10,000 displaced on boats
Amade Abubacar, a journalist based in Pemba, told AFP that "according to the survivors, the boat was carrying around 70 people and only about 20 survived."
The aid-dependent southern African country has no means of rescuing people from the areas of attacks to safer areas.
According to locals, even the fishing boats that have been adapted to transport people now haul more than three times their capacity.
Police spokesman Ernesto Madungue told AFP that the incident was "not yet confirmed".
"I interacted with colleagues from the coastal police who still have no confirmation," said Madungue.
"We are waiting for the investigation."
About 100,000 internally displaced people have sought refuge in and around Pemba in temporary shelters, such as school buildings, or with host families, increasing by one third the city's inhabitants, according to a statement released by Doctors Without Borders (MSF) on Tuesday.
"Approximately 10,000 displaced people arrived by boat to the provincial capital of Pemba last week alone," said MSF coordinator in Cabo Delgado, Joaquim Guinart.
"They were dehydrated.
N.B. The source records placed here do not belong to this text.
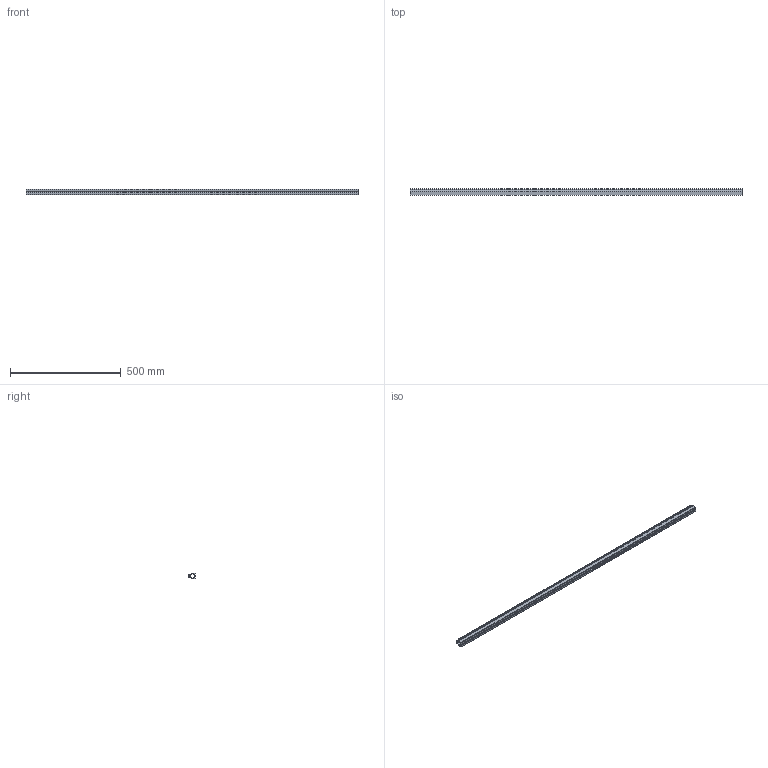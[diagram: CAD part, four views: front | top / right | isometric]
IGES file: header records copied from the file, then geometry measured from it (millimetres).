
Start section:  PTC IGES file: a-826b-1-5.igs
Global section: file name: a-826b-1-5.igs; native system: Creo Parametric by PTC Inc.; preprocessor: 2021284; author: Student; organization: Unknown; date: 20211207.141554; units: millimetre
Bounding box: 1500 x 31 x 24 mm (x, y, z)
Surface area: 256872.7 mm2 (no closed solid volume)
Topology: 0 solids, 0 shells, 32 faces, 180 edges, 180 vertices
Faces by surface type: bspline 19, revolution 13

Women gave birth at sea. There have been cases of severe, potentially fatal diarrhoea," he said, adding that pressure was mounting on local medical staff who have seen about 20,000 people arriving over the past month.
"More will continue to come," he warned.
There are few details about the jihadist group named Al-Shabaab, which has no known links to the group of the name operating in Somalia.
Mozambique's Al-Shabaab has staged more than 600 attacks across 10 of Cabo Delgado's 17 districts, according to a US-based NGO, the Armed Conflict Location & Event Data (ACLED) group.
ACLED has also documented more than 2,000 deaths, at least 1,100 of them civilians.